What is needed is an exact reproduction of the lines in the records below, starting at the line with "This is a near-infrared" and ending at the line with "Organ: colon", both included, and nothing else; pictures stay out.

++++ SOURCE DATA ++++

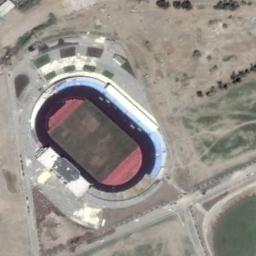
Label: stadium
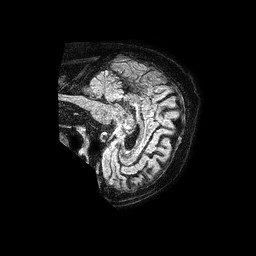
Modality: FLAIR
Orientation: sagittal
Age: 59
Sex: female
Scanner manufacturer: philips
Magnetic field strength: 1.5 T
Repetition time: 4.8 s
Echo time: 0.3 s
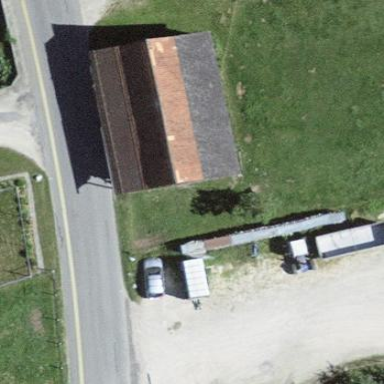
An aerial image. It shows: Rural barn.
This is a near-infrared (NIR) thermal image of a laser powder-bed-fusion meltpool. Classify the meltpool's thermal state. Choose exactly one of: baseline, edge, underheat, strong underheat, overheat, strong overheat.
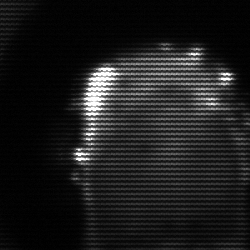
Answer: baseline
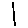
Label: line
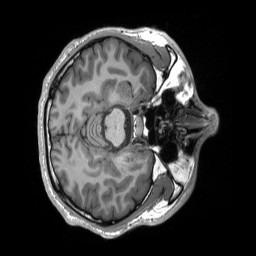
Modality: T1w
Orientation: axial
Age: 27
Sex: male
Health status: healthy
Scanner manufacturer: siemens
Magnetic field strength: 3 T
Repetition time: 2.3 s
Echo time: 0.00232 s
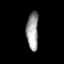
Tissue: prostate
Cell type: Myeloid cells
Senescence score: 0.9186
Nuclear area (px): 451
Mean DAPI intensity: 154.08
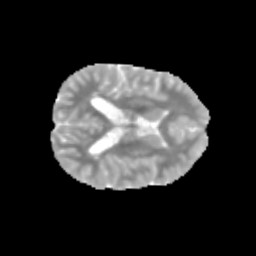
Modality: MD
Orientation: axial
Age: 13
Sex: female
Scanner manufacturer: siemens
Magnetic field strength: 3 T
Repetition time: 3.8 s
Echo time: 0.07 s
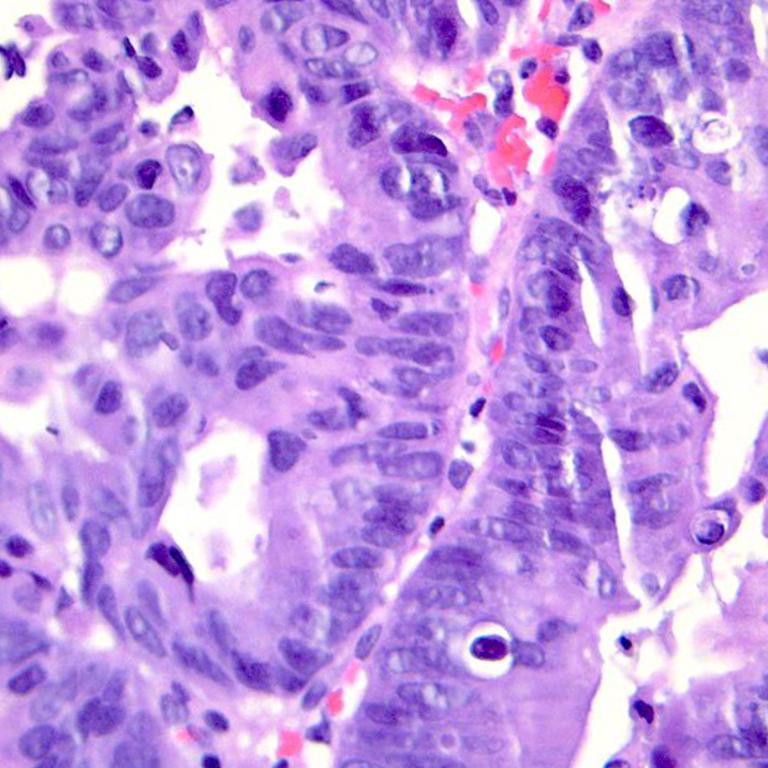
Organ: colon
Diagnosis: adenocarcinomas
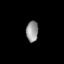
Tissue: lung
Cell type: Myeloid cells
Senescence score: 0.7231
Nuclear area (px): 250
Mean DAPI intensity: 146.92
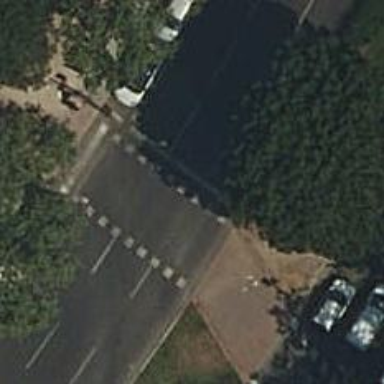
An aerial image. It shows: Road with traffic signals at the crossing.
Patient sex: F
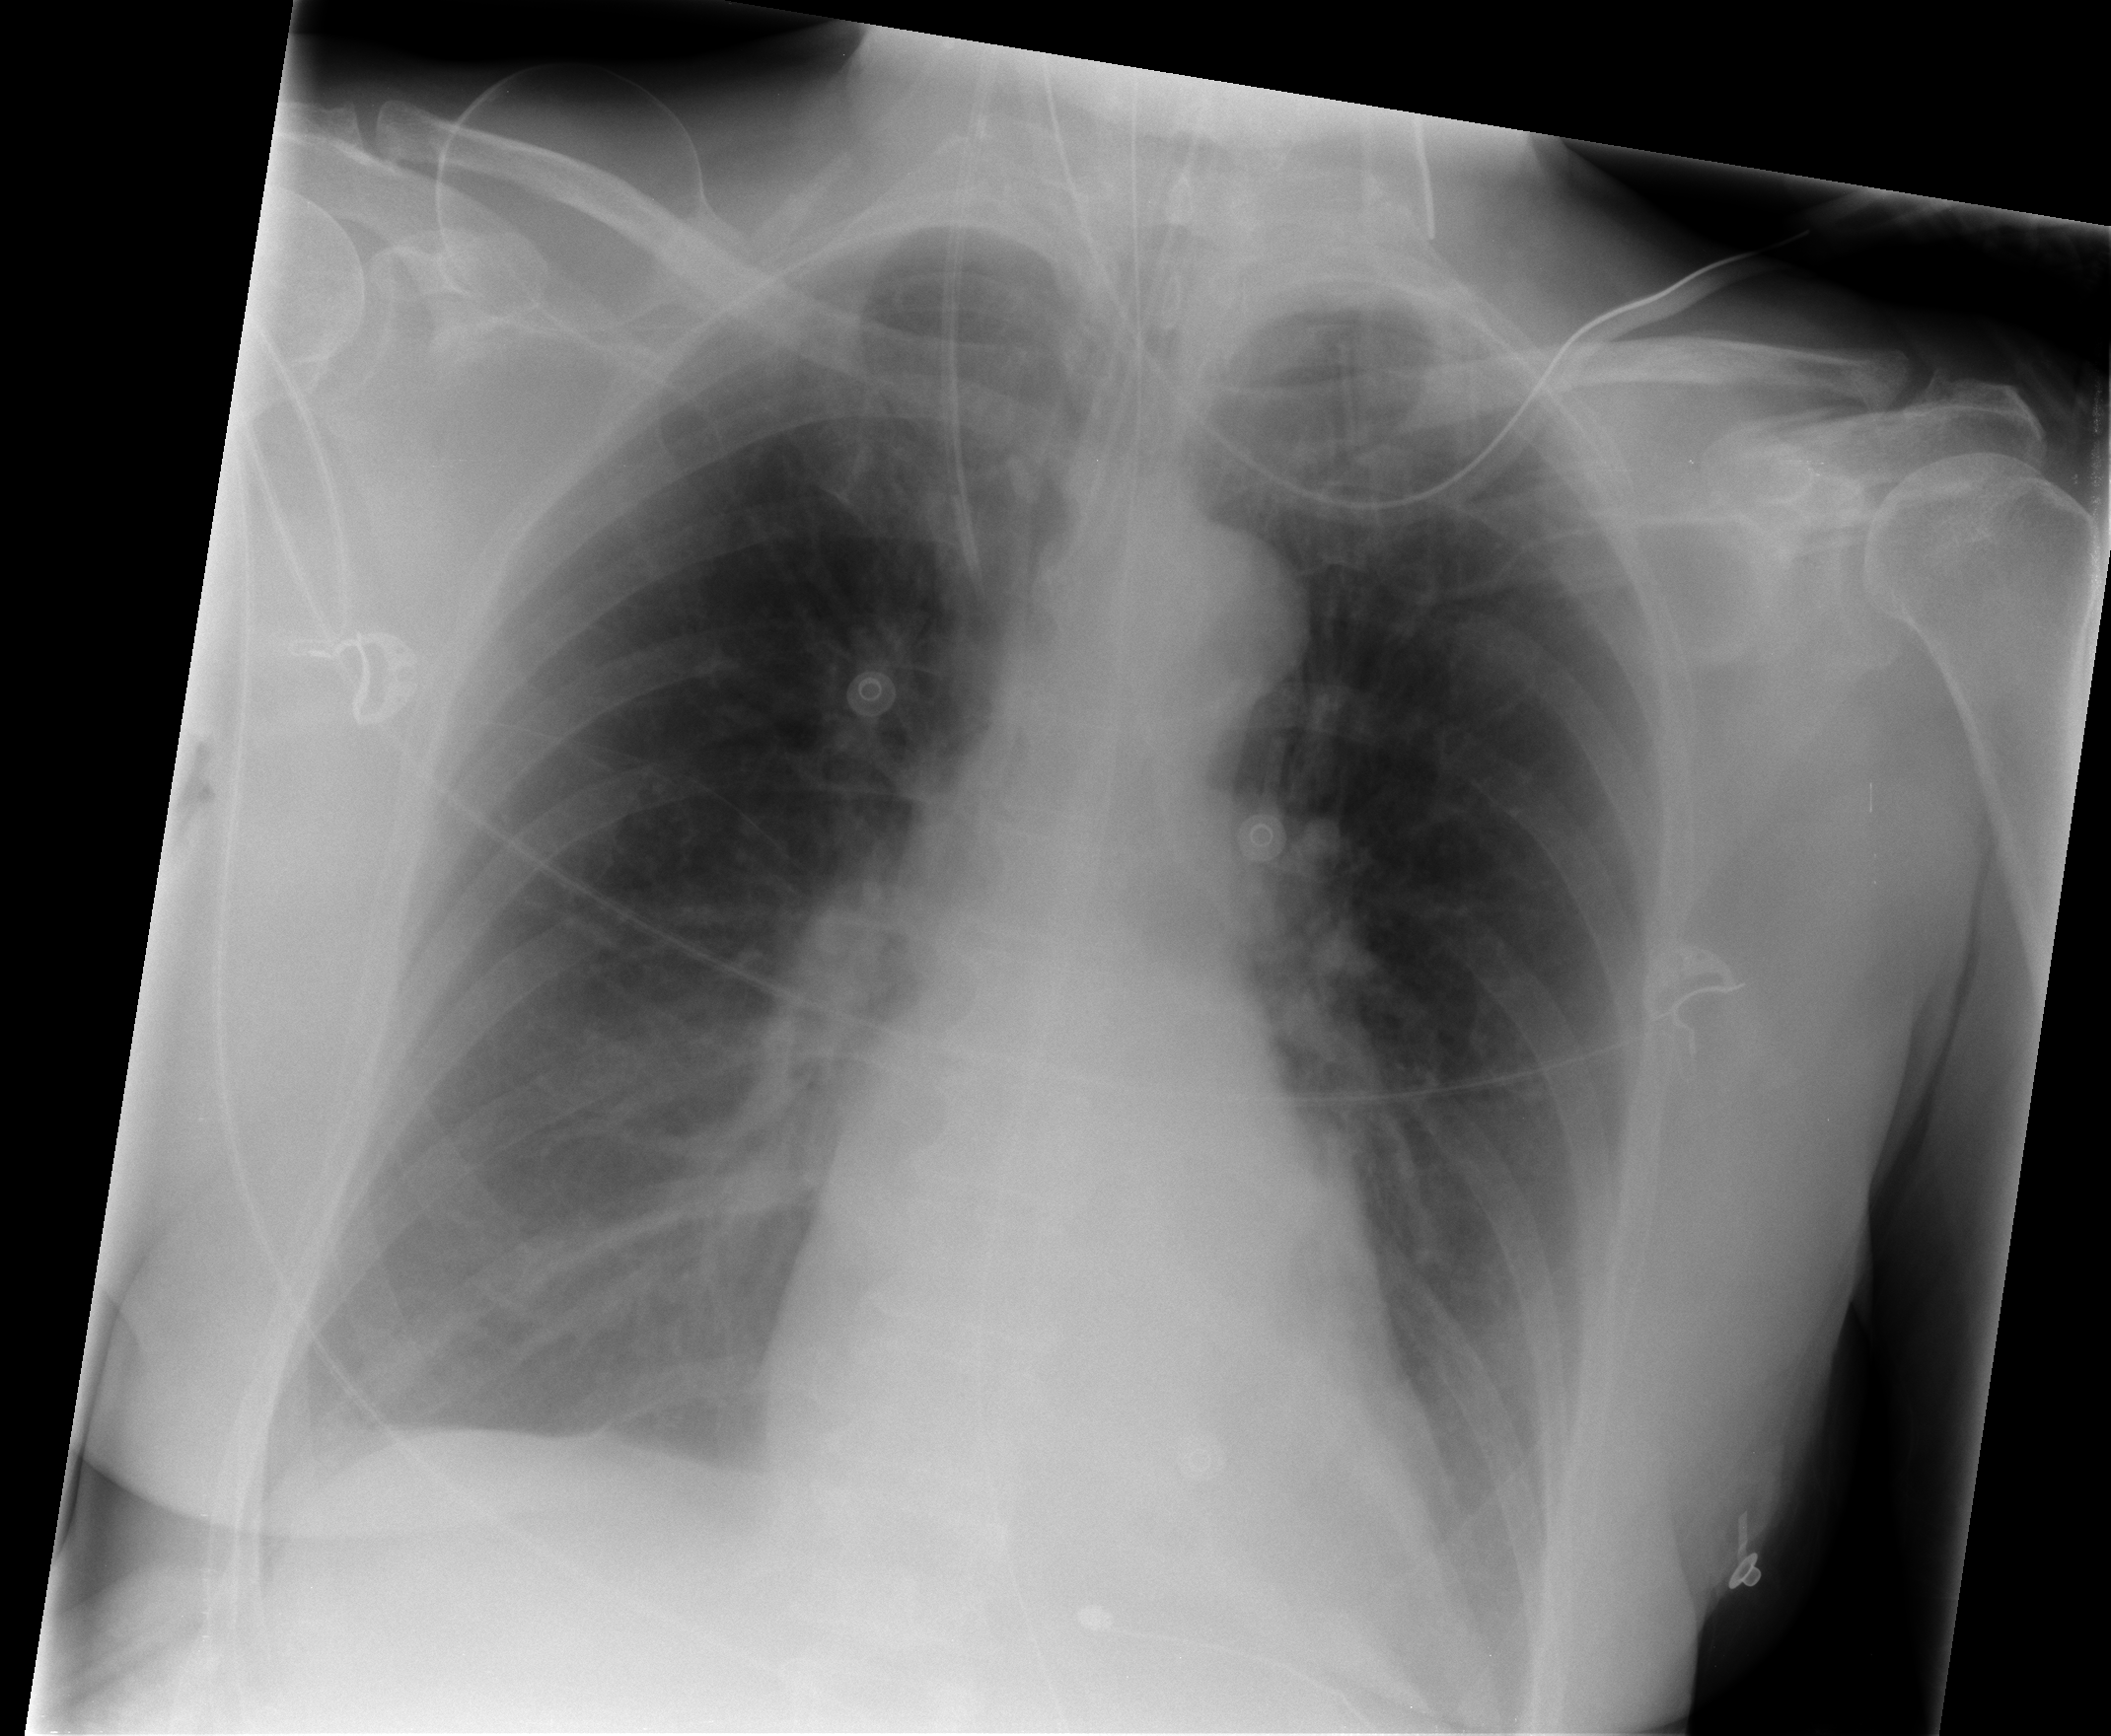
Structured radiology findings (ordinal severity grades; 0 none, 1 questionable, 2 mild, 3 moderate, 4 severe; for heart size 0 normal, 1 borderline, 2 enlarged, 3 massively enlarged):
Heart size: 0
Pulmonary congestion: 0
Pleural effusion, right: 1
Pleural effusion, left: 1
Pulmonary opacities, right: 0
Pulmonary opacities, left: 0
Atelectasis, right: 2
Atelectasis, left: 1
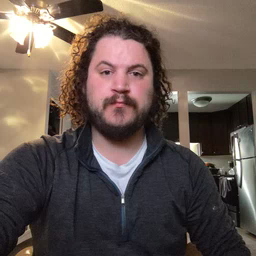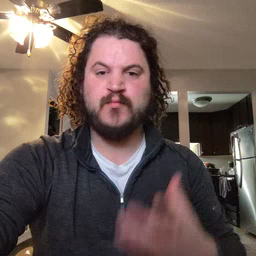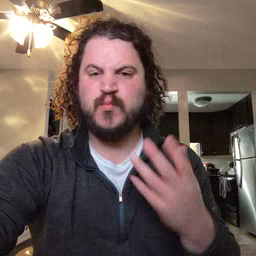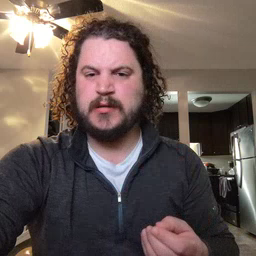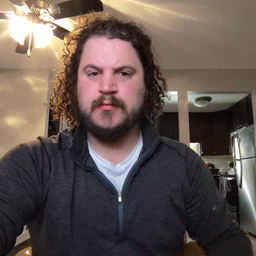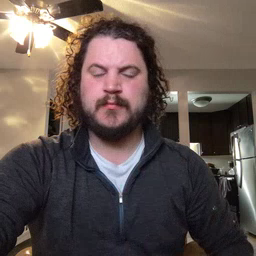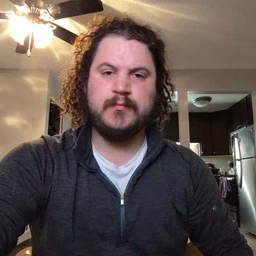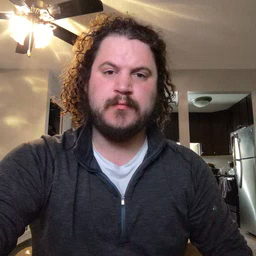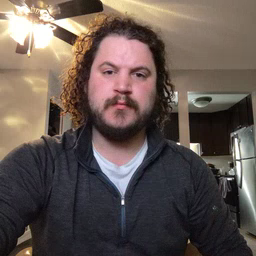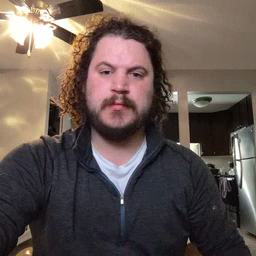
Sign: wet
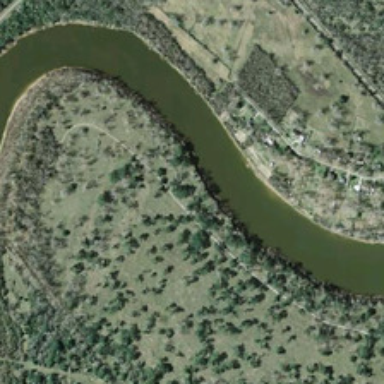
Many green trees are scattered in two sides of a curved green river .
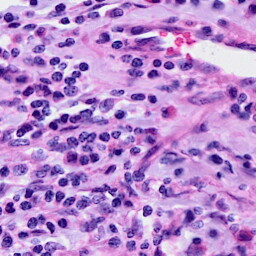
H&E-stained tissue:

++++

[RESULT]
This is a near-infrared (NIR) thermal image of a laser powder-bed-fusion meltpool. Classify the meltpool's thermal state. Choose exactly one of: baseline, edge, underheat, strong underheat, overheat, strong overheat.
Answer: baseline
Label: line
Modality: T1w
Orientation: axial
Age: 27
Sex: male
Health status: healthy
Scanner manufacturer: siemens
Magnetic field strength: 3 T
Repetition time: 2.3 s
Echo time: 0.00232 s
Tissue: prostate
Cell type: Myeloid cells
Senescence score: 0.9186
Nuclear area (px): 451
Mean DAPI intensity: 154.08
Modality: MD
Orientation: axial
Age: 13
Sex: female
Scanner manufacturer: siemens
Magnetic field strength: 3 T
Repetition time: 3.8 s
Echo time: 0.07 s
Organ: colon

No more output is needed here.